=== Exercise ===
Write out the listing below in full and exactly, leaving out every picture.

-------

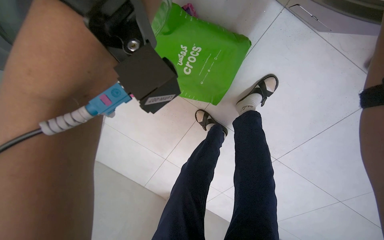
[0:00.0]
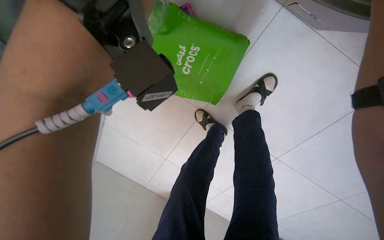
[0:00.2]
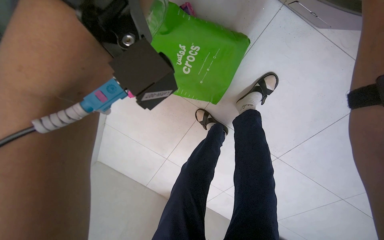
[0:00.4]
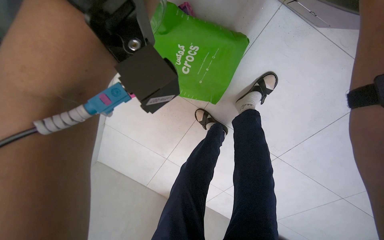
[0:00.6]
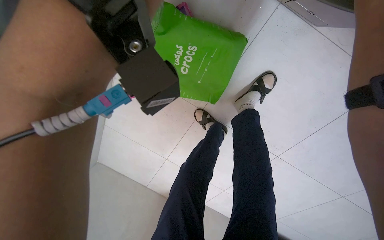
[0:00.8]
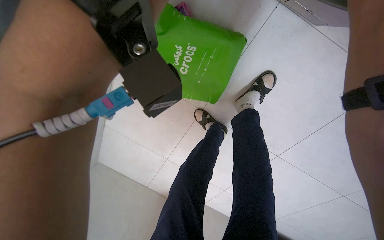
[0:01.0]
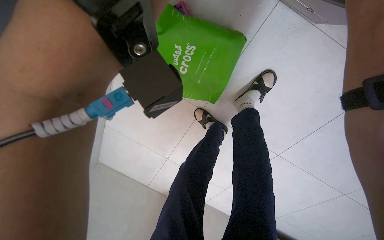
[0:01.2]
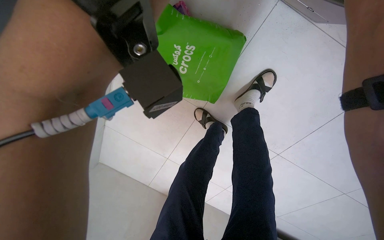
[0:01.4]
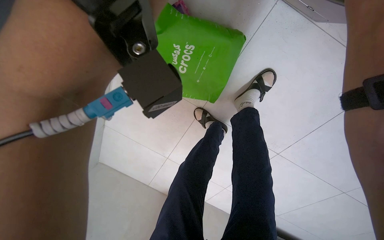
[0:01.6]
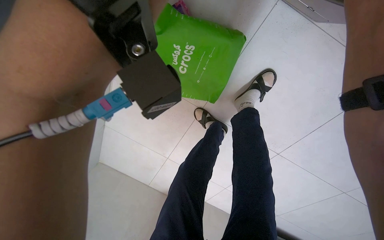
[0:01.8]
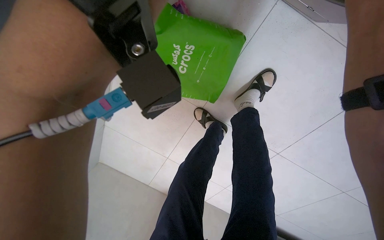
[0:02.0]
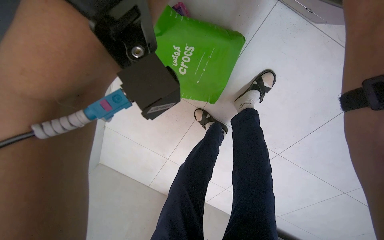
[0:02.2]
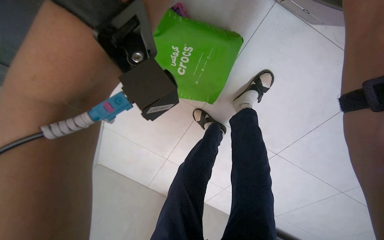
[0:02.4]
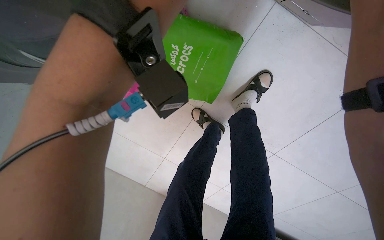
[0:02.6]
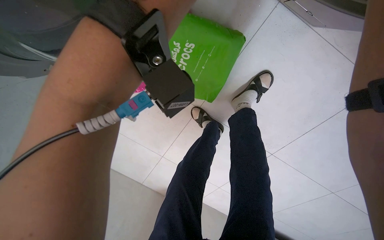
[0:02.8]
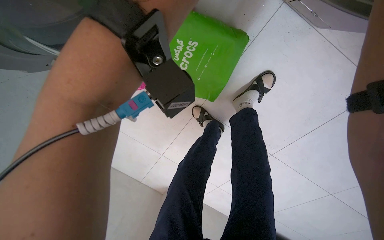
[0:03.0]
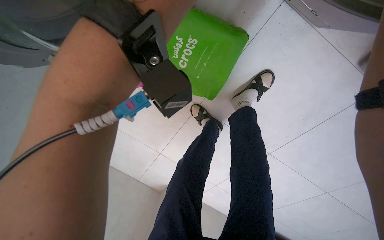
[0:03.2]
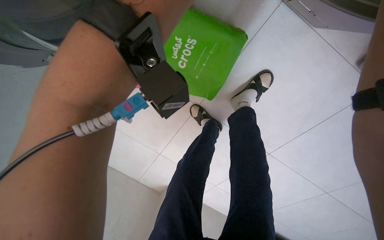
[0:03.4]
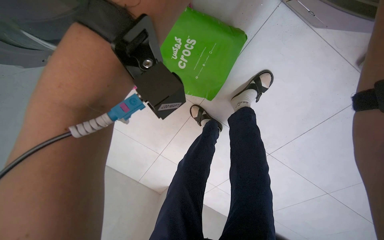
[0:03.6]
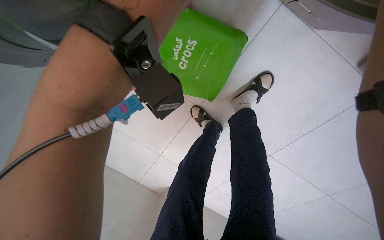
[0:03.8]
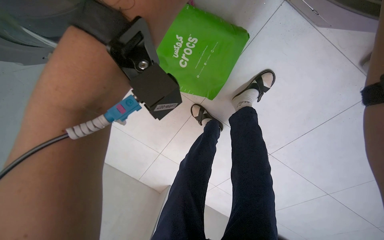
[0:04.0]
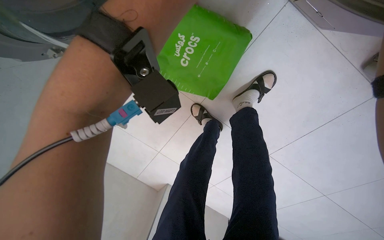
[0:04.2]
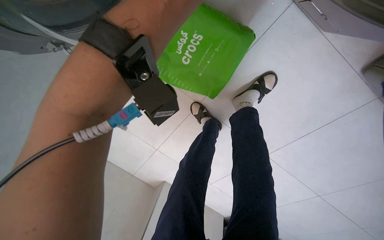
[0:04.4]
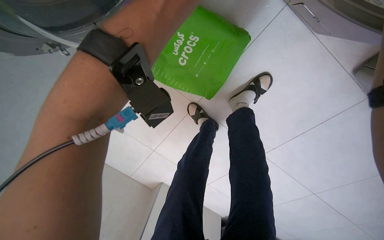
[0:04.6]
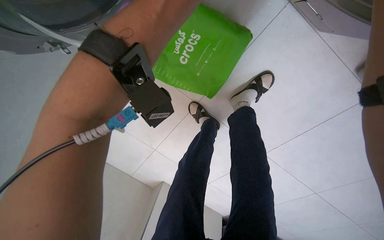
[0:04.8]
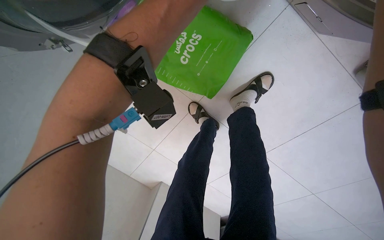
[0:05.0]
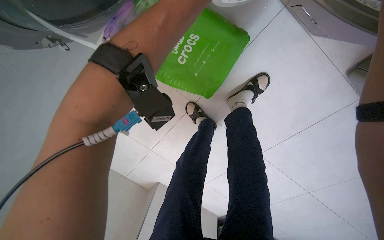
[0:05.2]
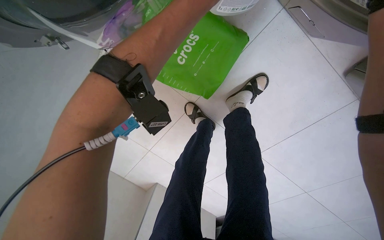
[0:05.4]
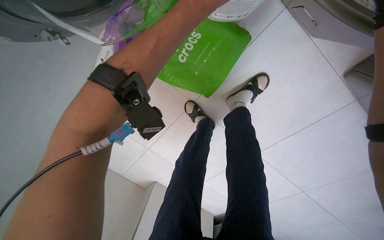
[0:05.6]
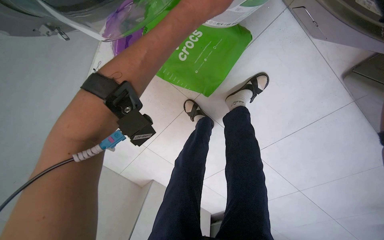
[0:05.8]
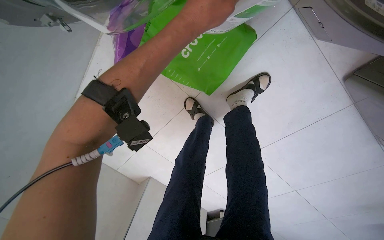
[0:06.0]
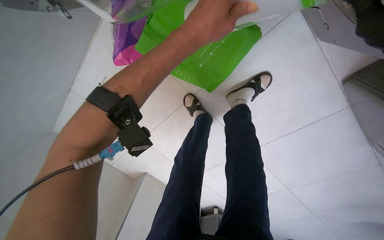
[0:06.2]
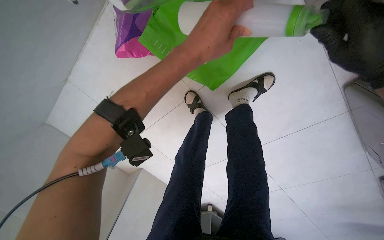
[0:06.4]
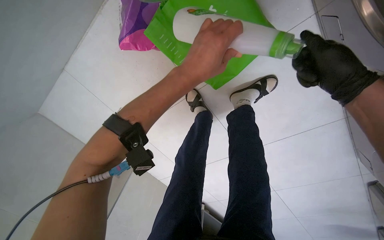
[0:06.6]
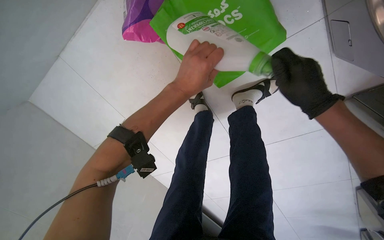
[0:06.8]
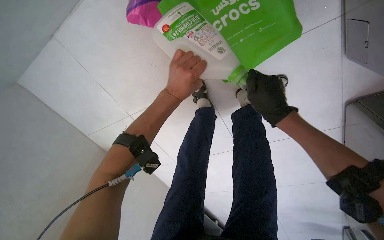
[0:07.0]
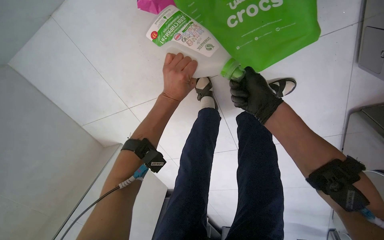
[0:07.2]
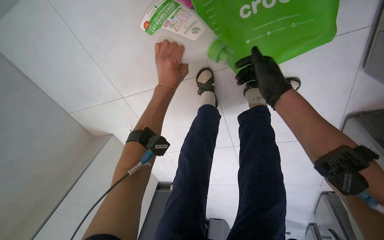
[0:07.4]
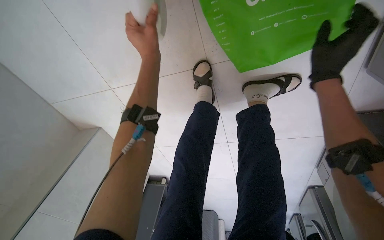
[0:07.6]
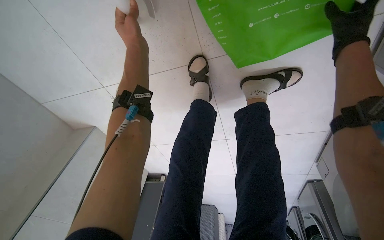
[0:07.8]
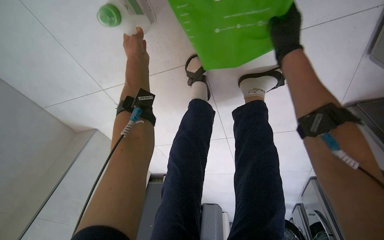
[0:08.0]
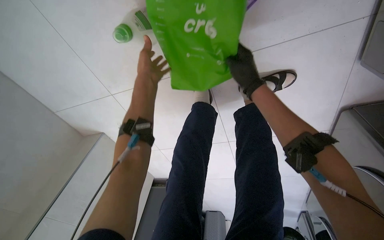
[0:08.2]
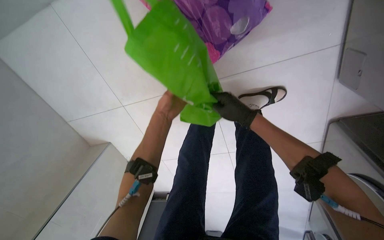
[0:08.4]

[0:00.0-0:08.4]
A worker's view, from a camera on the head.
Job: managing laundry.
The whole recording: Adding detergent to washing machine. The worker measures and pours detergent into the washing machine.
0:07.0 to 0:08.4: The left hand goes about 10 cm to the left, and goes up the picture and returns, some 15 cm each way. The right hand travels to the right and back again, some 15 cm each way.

-------

=== Exercise output ===
[0:00.0]
[0:00.2]
[0:00.4]
[0:00.6]
[0:00.8]
[0:01.0]
[0:01.2]
[0:01.4]
[0:01.6]
[0:01.8]
[0:02.0]
[0:02.2]
[0:02.4]
[0:02.6]
[0:02.8]
[0:03.0]
[0:03.2]
[0:03.4]
[0:03.6]
[0:03.8]
[0:04.0]
[0:04.2]
[0:04.4]
[0:04.6]
[0:04.8]
[0:05.0]
[0:05.2]
[0:05.4]
[0:05.6]
[0:05.8]
[0:06.0]
[0:06.2]
[0:06.4]
[0:06.6]
[0:06.8]
[0:07.0]
[0:07.2]
[0:07.4]
[0:07.6]
[0:07.8]
[0:08.0]
[0:08.2]
[0:08.4]

[0:00.0-0:08.4]
A worker's view, from a camera on the head.
Job: managing laundry.
The whole recording: Adding detergent to washing machine. The worker measures and pours detergent into the washing machine.
0:07.0 to 0:08.4: The left hand goes about 10 cm to the left, and goes up the picture and returns, some 15 cm each way. The right hand travels to the right and back again, some 15 cm each way.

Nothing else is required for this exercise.